Innovative Insurance may Assist with Extreme Weather Losses

Our studies so far have revealed that insurance plays a critical role as the risk management default for extreme weather events affecting strata and community title complexes.  

But the experiences of many of those complexes in far north Queensland over the last 18 months also reveals that conventional insurance products and market forces can undermine that protection.  Plus, traditional insurance protections do not encourage or facilitate climate change adaptation.

So new thinking and ideas may be necessary to better deal with the climate change effects of extreme weather events for strata and community title complexes.

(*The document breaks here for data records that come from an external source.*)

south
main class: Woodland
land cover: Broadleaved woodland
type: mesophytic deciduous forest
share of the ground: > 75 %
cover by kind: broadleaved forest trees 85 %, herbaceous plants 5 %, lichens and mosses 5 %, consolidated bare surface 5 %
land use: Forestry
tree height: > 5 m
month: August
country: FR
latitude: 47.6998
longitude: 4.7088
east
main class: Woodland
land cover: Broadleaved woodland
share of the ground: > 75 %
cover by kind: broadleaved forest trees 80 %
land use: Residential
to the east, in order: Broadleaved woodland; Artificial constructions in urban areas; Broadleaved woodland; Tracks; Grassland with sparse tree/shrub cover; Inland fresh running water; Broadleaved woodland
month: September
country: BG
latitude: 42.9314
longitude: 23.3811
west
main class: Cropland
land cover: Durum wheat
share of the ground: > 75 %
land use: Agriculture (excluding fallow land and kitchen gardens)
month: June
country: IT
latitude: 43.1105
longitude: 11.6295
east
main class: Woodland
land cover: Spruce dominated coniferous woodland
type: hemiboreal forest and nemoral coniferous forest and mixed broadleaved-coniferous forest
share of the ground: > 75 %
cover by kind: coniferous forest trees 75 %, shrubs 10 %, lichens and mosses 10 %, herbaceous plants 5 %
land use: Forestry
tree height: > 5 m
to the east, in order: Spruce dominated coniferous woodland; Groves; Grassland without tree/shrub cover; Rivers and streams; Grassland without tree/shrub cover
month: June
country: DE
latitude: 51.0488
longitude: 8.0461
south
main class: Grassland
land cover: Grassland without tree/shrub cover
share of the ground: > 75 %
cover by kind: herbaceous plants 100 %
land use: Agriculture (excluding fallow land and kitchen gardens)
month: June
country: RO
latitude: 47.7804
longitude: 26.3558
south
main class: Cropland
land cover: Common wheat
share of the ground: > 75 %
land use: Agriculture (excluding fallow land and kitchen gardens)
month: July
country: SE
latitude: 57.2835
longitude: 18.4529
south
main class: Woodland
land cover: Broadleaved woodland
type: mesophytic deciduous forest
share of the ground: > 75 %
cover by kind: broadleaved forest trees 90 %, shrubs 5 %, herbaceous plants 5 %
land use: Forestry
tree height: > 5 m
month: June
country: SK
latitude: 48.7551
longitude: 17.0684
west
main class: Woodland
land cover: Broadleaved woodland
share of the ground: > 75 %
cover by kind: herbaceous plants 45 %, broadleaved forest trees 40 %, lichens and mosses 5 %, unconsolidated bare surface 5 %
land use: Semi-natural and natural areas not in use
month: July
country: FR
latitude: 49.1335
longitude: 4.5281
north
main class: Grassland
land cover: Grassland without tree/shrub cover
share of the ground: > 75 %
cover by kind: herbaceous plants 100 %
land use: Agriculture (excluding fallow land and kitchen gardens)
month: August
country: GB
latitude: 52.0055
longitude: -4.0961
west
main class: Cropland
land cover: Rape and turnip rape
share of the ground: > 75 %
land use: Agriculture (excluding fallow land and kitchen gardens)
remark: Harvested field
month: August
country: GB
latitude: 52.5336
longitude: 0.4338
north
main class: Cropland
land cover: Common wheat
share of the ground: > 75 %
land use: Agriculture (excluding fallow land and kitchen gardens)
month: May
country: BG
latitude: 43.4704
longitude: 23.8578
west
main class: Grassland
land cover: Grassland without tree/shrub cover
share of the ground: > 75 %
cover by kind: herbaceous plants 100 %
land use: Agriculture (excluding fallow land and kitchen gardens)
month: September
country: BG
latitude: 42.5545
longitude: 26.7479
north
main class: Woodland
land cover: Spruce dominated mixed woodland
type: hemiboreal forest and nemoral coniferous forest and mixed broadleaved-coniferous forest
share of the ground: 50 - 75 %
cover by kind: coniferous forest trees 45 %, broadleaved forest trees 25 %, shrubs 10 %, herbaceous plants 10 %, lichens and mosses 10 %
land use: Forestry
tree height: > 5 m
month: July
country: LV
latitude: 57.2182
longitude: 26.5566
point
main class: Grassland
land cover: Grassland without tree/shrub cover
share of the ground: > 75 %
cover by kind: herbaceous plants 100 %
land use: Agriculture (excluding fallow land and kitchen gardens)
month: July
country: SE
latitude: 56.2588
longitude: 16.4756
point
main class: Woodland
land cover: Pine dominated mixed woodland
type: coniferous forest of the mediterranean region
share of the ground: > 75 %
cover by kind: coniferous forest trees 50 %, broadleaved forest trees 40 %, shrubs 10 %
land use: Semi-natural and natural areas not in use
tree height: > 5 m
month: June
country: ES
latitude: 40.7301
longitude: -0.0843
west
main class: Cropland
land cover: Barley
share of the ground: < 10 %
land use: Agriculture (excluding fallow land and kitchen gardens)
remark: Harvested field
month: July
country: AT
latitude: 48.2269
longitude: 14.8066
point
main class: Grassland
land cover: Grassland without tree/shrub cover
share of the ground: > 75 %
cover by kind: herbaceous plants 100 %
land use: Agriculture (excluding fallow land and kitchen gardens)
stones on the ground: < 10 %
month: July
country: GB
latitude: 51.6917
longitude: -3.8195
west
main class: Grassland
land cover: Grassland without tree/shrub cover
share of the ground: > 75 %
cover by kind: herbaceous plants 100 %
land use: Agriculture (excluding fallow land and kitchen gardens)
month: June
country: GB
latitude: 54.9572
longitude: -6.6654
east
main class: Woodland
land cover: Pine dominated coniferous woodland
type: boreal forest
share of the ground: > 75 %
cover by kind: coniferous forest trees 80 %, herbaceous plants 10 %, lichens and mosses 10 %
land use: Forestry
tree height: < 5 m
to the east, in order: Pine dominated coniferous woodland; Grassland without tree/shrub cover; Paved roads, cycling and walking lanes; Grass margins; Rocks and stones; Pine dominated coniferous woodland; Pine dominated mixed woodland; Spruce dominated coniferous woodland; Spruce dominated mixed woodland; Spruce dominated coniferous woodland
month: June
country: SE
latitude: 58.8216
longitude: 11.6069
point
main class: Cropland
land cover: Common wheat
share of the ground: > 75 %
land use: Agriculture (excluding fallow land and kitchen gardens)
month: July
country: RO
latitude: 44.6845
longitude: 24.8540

Complexitas is an Australian business that works with corporations and government in climate change risk management around the world to help reduce risks by focusing on risk identification, resilience and adaptivity.  In a recent presentation called Can Adaptation and Insurance be Sustainable Partners to Combat X-Events, Compexitas looked at whether the impacts of extreme weather events (a class of X- Events) can be diminished by use of insurance that does not rely on the proof of loss.

This involves something called index-based insurance for highly vulnerable communities and organisations where insurance cover and payouts are not based on proving loss but, rather, the occurrence of weather disasters.  

For instance, in Peru, where a defined group of weather–sensitive farming communities are now offered insurance that is not based on proving loss due to flooding rains but are given payouts at the start of an anticipated disaster season (based on climate mode information and predictability). They then have money to buy emergency seeds and to recover from any event that occurs in the anticipated extreme summer season.

This kind of insurance minimises the impacts of insurance sector failures that are usually caused by market (asset) problems, moral hazard and adverse selection and the inability to respond to and anticipate major shifts in climate and client behaviour.

It's an innovative idea that might be worth considering.  You can find out more by looking at the presentation slides here and reading text of the presentation here.

Monday, September 3, 2012

Wikipedia Information on Australian Climate Change

You've undoubtedly heard a lot about climate change by now.  But, to be a fair, a lot of the information is either too technically complex to understand, too biased (either way) and/or just media hype that is not sufficiently factual.

So, it's hard to understand things well enough to make your own decisions.

Since we live in the modern information age why not use Wikipedia (The Free Encyclopedia) to find out more?  

In fact, this page about the Effects of global warming on Australia is great introduction to the topic; outlining the key concepts, findings and some likely impacts in your part of the country.  And, if you want to find out more it includes links to other sites and many of the leading studies and reports.